### Task objective
Restate the data below word for word, omitting pictures.

### Information
+++

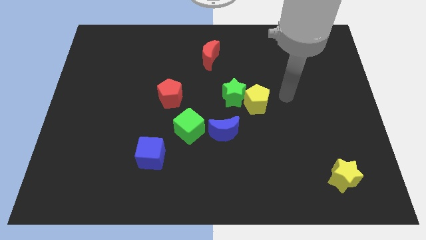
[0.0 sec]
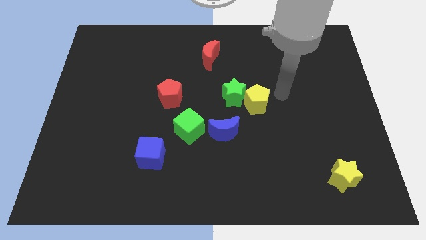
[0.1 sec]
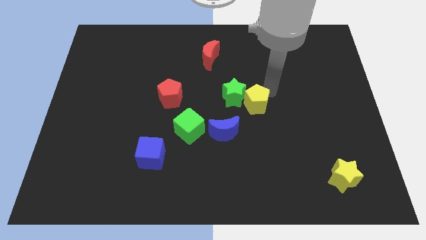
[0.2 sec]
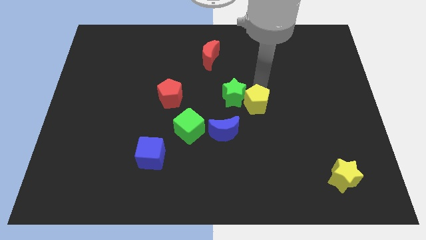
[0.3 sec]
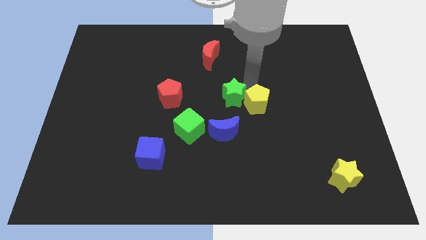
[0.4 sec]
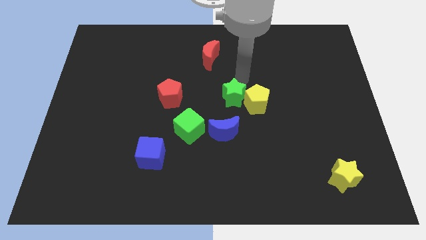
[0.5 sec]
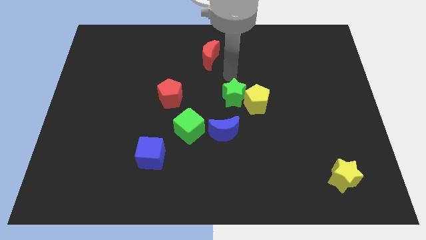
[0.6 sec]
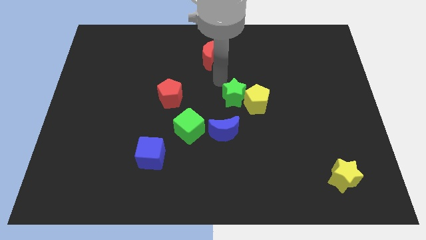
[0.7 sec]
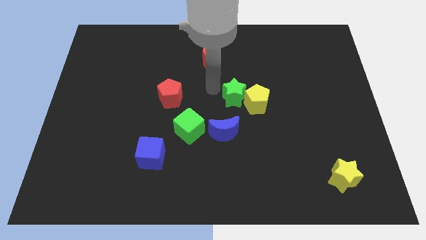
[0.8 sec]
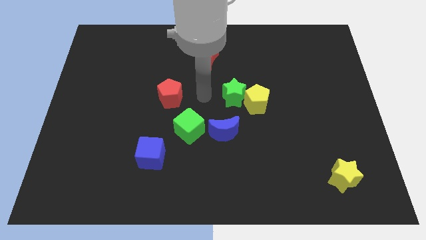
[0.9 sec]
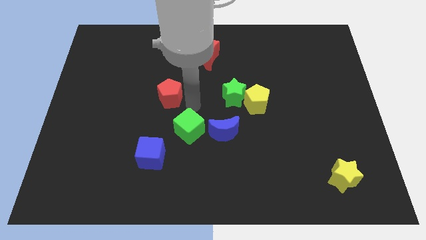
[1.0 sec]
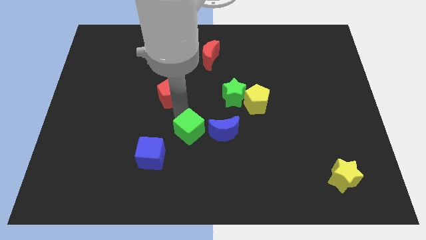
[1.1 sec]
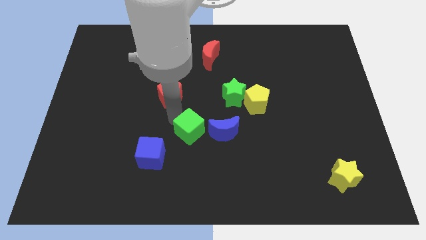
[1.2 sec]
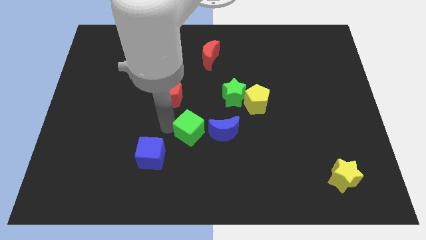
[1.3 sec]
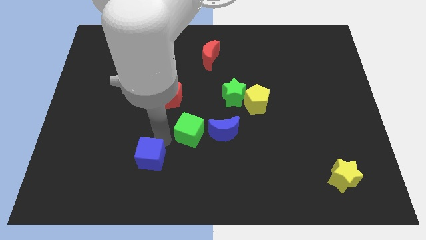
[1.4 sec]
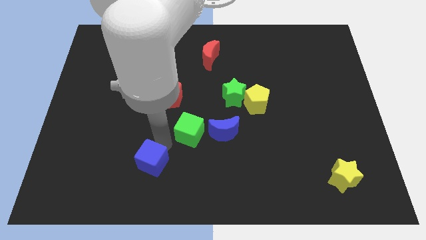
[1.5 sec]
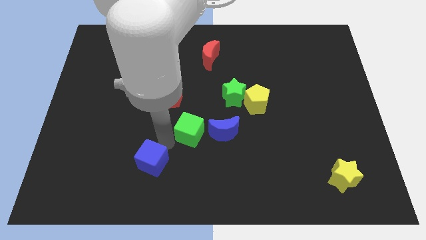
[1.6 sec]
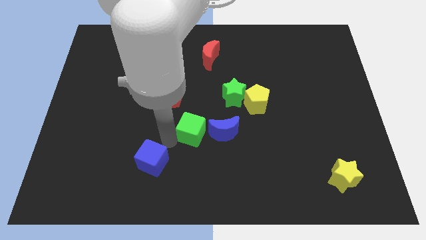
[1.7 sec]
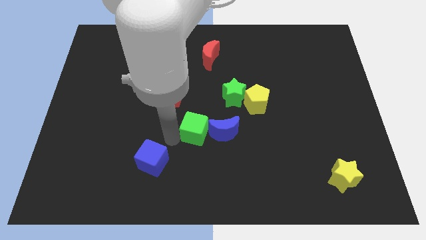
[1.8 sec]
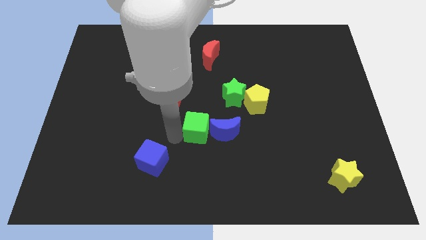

+++

### Your solution
[0.0 sec]
[0.1 sec]
[0.2 sec]
[0.3 sec]
[0.4 sec]
[0.5 sec]
[0.6 sec]
[0.7 sec]
[0.8 sec]
[0.9 sec]
[1.0 sec]
[1.1 sec]
[1.2 sec]
[1.3 sec]
[1.4 sec]
[1.5 sec]
[1.6 sec]
[1.7 sec]
[1.8 sec]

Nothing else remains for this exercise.